The U.S. House Financial Services Committee conducted a study of the top 44 banks by assets, looking specifically at diversity and financial inclusion. Amongst these institutions, Black Americans represented 12% of the workforce, compared with White Americans at 58%. At the board level, the numbers revealed a wider gap: Black Americans at 11%, with White Americans at 80%. This data might help explain the differences in emphasis on investment in Black communities through home loans and small business lending between Black-owned and non-Black institutions.

Say What?

Wells Fargo CEO Charlie Scharf came under fire for saying that there is “a very limited pool of Black talent to recruit from.”

Sabrina Lamb, founder and Executive Director of WorldOfMoney.org, a New York-based non-profit that offers extensive financial literacy programs, hopes to change the racial composition of C-suites in the banking industry.

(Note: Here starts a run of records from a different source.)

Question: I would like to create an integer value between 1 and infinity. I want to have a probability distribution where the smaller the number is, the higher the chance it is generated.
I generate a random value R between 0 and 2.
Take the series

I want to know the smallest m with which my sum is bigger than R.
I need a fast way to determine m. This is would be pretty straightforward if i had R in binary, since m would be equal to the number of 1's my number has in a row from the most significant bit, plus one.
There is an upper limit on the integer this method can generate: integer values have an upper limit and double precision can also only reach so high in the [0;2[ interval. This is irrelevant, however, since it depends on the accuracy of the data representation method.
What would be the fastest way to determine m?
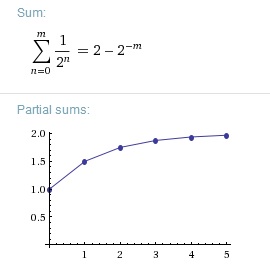
Answer: Set up the inequality
'''
R <= 2 - 2**-m
'''
Isolate the term with 'm'
'''
2**-m <= 2 - R
-m <= log2(2-R)
m >= -log2(2-R).
'''
So it looks like you want 'ceiling(-log2(2-R))'. This is basically an exponential distribution with discretization -- the algorithm for an exponential is '-ln(1-U)/rate', where 'U' is a Uniform(0,1) and '1/rate' is the desired mean.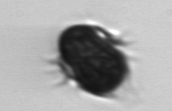
Label: Mesodinium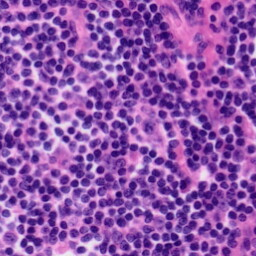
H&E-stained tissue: Tonsil
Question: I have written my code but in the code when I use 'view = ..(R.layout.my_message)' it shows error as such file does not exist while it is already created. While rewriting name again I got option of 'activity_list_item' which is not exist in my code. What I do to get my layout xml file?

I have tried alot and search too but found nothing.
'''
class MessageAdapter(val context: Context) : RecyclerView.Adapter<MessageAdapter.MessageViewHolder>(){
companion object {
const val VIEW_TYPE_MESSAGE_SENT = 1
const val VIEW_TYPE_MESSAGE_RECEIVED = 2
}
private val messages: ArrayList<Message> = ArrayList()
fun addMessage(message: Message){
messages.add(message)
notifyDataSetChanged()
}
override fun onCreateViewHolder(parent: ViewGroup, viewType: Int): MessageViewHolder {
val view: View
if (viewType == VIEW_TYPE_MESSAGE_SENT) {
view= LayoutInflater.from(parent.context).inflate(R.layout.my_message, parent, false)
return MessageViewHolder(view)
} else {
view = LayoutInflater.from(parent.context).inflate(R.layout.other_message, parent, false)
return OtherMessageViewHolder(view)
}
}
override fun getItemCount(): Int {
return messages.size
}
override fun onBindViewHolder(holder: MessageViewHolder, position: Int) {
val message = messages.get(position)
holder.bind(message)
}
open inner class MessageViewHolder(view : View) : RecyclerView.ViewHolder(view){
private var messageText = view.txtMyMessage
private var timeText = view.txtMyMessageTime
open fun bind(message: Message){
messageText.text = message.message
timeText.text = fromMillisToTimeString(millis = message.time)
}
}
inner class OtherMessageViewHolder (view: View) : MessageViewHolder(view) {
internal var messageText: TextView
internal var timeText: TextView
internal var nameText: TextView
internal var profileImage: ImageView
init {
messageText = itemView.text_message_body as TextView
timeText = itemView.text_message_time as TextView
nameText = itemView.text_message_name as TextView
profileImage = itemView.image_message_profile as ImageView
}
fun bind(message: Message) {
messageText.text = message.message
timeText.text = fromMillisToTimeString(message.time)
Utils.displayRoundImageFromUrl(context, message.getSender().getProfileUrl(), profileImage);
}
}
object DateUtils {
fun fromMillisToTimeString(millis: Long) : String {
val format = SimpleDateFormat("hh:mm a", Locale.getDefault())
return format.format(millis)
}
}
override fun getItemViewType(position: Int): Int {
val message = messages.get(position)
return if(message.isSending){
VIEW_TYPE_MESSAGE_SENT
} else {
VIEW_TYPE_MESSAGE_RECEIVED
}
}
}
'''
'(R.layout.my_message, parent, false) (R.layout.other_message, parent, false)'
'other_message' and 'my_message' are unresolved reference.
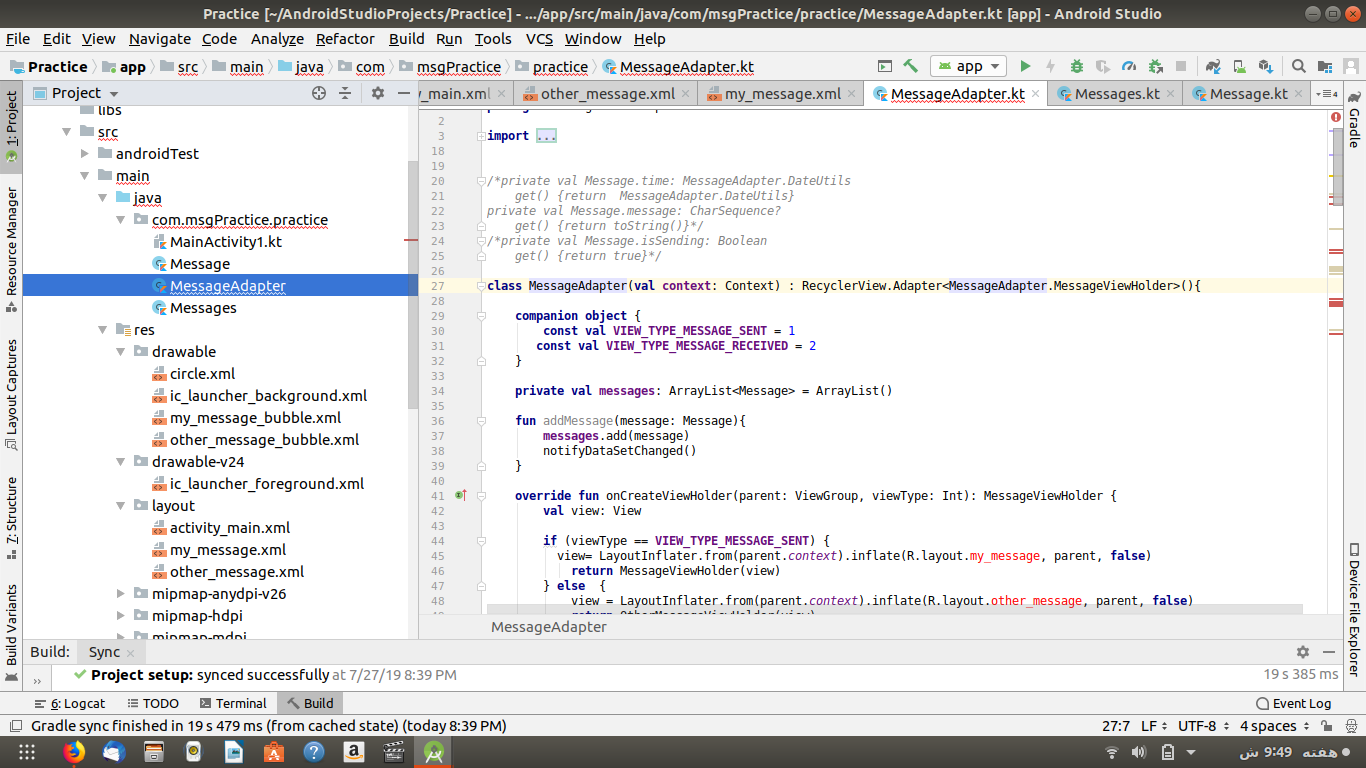
Answer: if you'r sure, that the layouts you mentioned are in the folder, then maybe they just aren't recognized by the AndroidStudio.
so first try to clean / Rebuild you Project:
in AndroidStudio (Mac) click on:
> Build -> Clean Project
then
> Build -> Rebuilt Project
if this doesn't help, then you have to clear the Cache and restart the Android Studio (Mac) :
> File -> Invalidate Caches / Restart...

She believes that the children that have passed through her program have both the hunger and the knowledge to be tomorrow’s financial leaders.

“Banks can partner with schools in underserved communities; beyond, a one-and-done approach. Invest time, career fairs, human capital, and financial resources where they conduct business.” Lamb said. “The central issue remains one of early exposure and pipeline training. When several World of Money graduates first attended our youth financial education training institute, they did not know Wall Street existed, eligibility requirements, nor how to access opportunities. Thus, after their introduction, mentoring, and visits to financial firms, World of Money moguls have begun careers on Wall Street.”

WorldOfMoney.org has educated over 5,000 youth between the ages of 7 and 18 with an immersive curriculum designed to equip children with the tenets of financial responsibility.

At a time where it seems questionable that more schools are not actively involved in financial education of this type, e.g., home economics courses. It is organizations like Lamb’s that are empowering young minority children with knowledge of what is needed to succeed at becoming tomorrow’s entrepreneurs. In that journey, all roads lead to that visit to a bank to open their first account – the question is, which bank will it be?